Every record below is to be retyped exactly, with any pictures left out.
---- Information given
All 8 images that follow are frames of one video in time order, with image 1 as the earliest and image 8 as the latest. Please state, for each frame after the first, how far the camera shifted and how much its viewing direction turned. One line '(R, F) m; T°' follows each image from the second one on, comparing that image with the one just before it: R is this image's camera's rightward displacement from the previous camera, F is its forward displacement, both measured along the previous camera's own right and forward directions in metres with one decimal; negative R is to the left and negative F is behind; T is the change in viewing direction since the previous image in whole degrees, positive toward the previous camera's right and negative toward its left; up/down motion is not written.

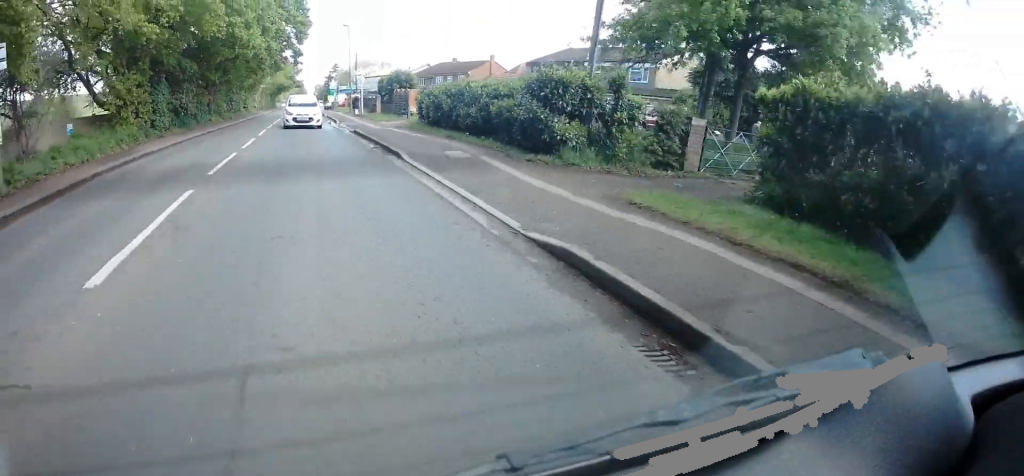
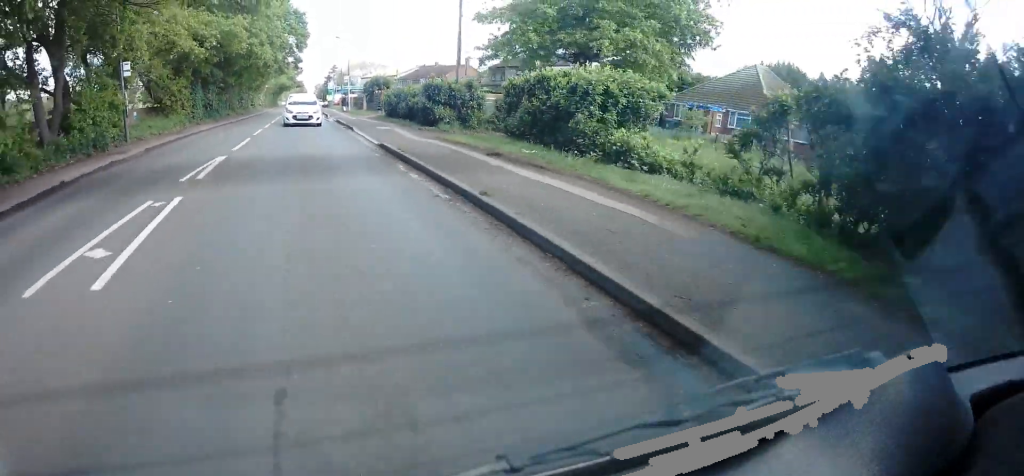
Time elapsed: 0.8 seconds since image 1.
(0.0, +10.4) m; 0°
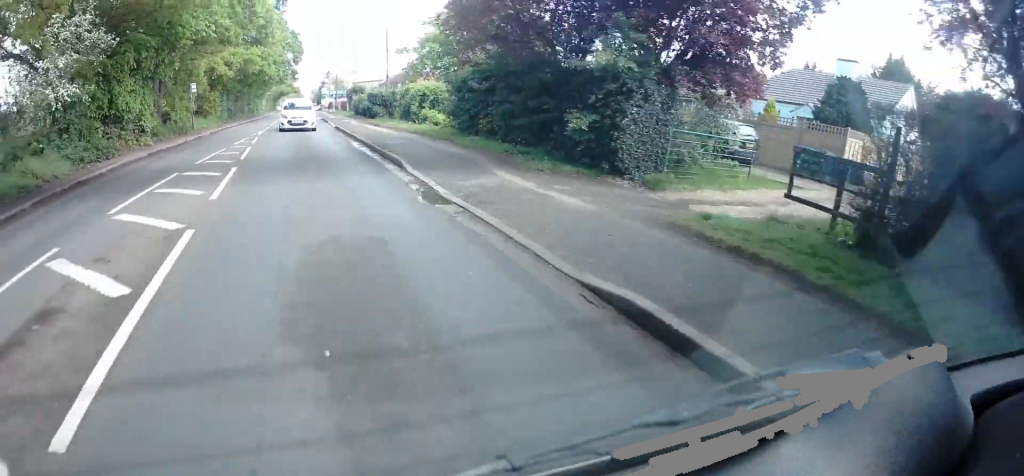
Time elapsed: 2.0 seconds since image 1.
(0.0, +15.9) m; +1°
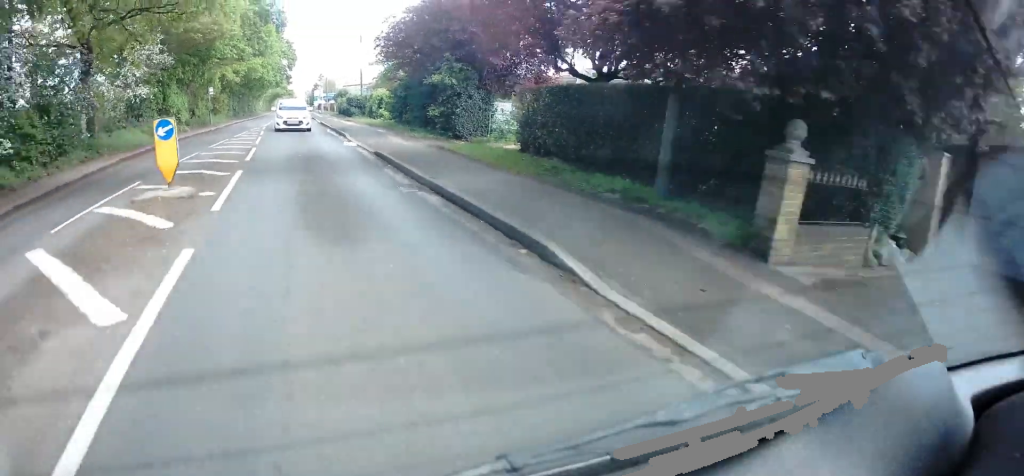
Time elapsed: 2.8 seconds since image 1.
(+0.3, +10.7) m; +1°
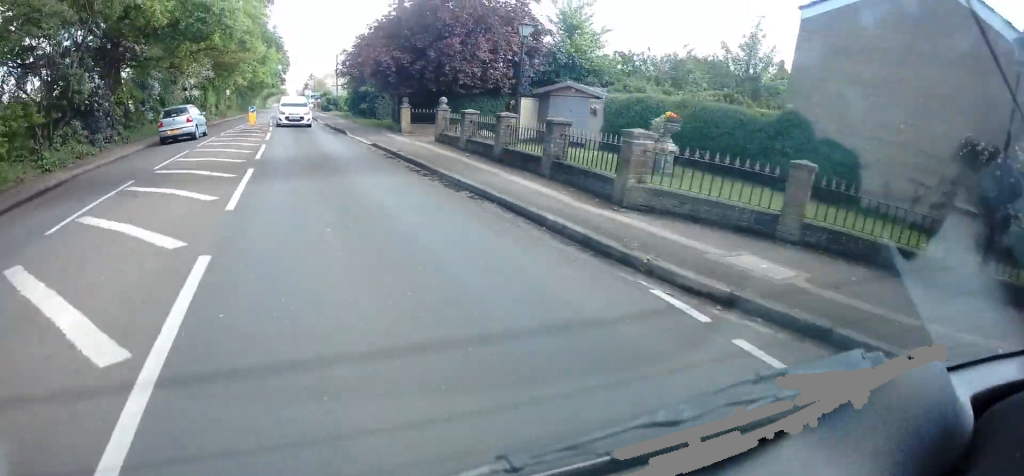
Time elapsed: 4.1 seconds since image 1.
(+0.1, +17.7) m; +1°
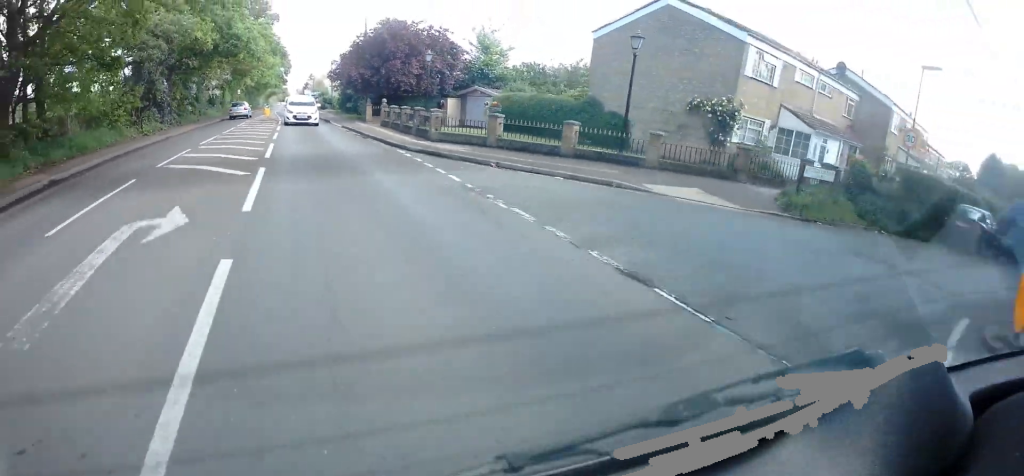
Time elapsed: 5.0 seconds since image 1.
(0.0, +11.3) m; 0°
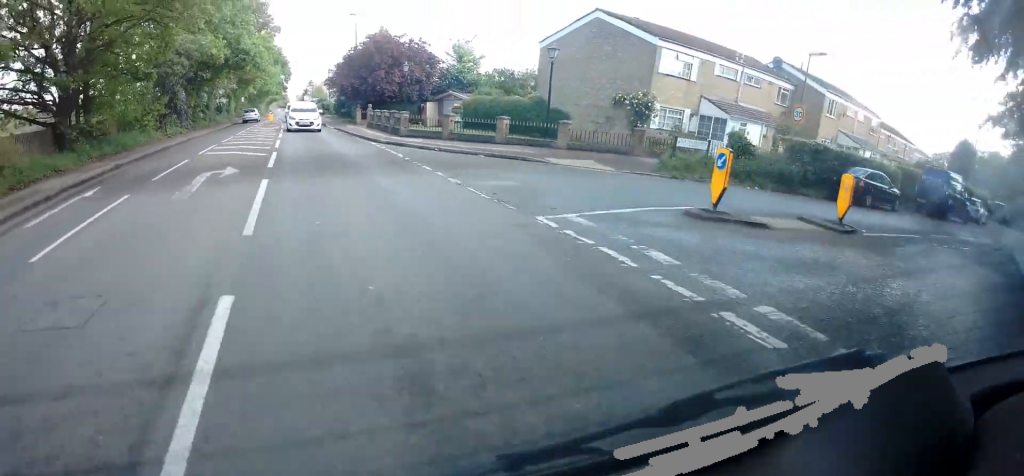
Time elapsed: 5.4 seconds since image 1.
(0.0, +5.8) m; -1°
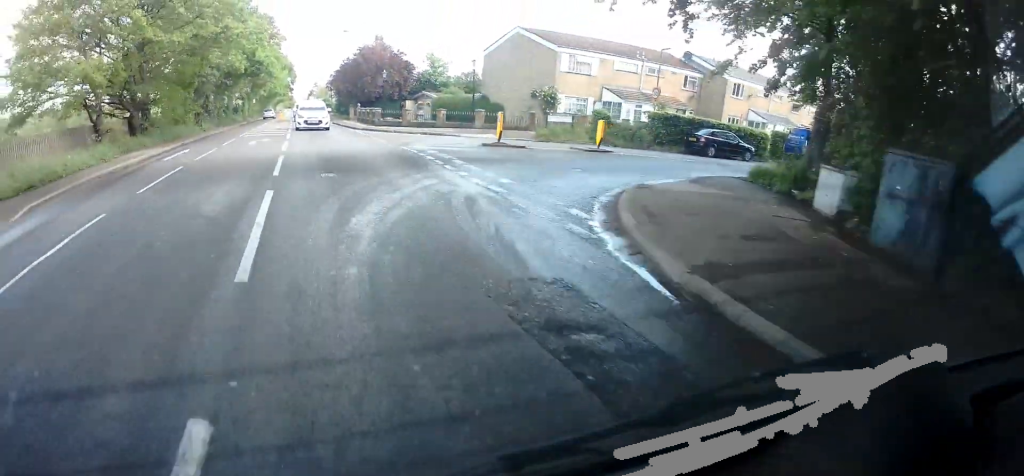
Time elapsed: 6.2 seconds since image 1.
(-0.1, +10.1) m; -1°
--------
- [Result of the task]:
All 8 images that follow are frames of one video in time order, with image 1 as the earliest and image 8 as the latest. Please state, for each frame after the first, how far the camera shifted and how much its viewing direction turned. One line '(R, F) m; T°' follows each image from the second one on, comparing that image with the one just before it: R is this image's camera's rightward displacement from the previous camera, F is its forward displacement, both measured along the previous camera's own right and forward directions in metres with one decimal; negative R is to the left and negative F is behind; T is the change in viewing direction since the previous image in whole degrees, positive toward the previous camera's right and negative toward its left; up/down motion is not written.

Time elapsed: 0.8 seconds since image 1.
(0.0, +10.4) m; 0°
Time elapsed: 2.0 seconds since image 1.
(0.0, +15.9) m; +1°
Time elapsed: 2.8 seconds since image 1.
(+0.3, +10.7) m; +1°
Time elapsed: 4.1 seconds since image 1.
(+0.1, +17.7) m; +1°
Time elapsed: 5.0 seconds since image 1.
(0.0, +11.3) m; 0°
Time elapsed: 5.4 seconds since image 1.
(0.0, +5.8) m; -1°
Time elapsed: 6.2 seconds since image 1.
(-0.1, +10.1) m; -1°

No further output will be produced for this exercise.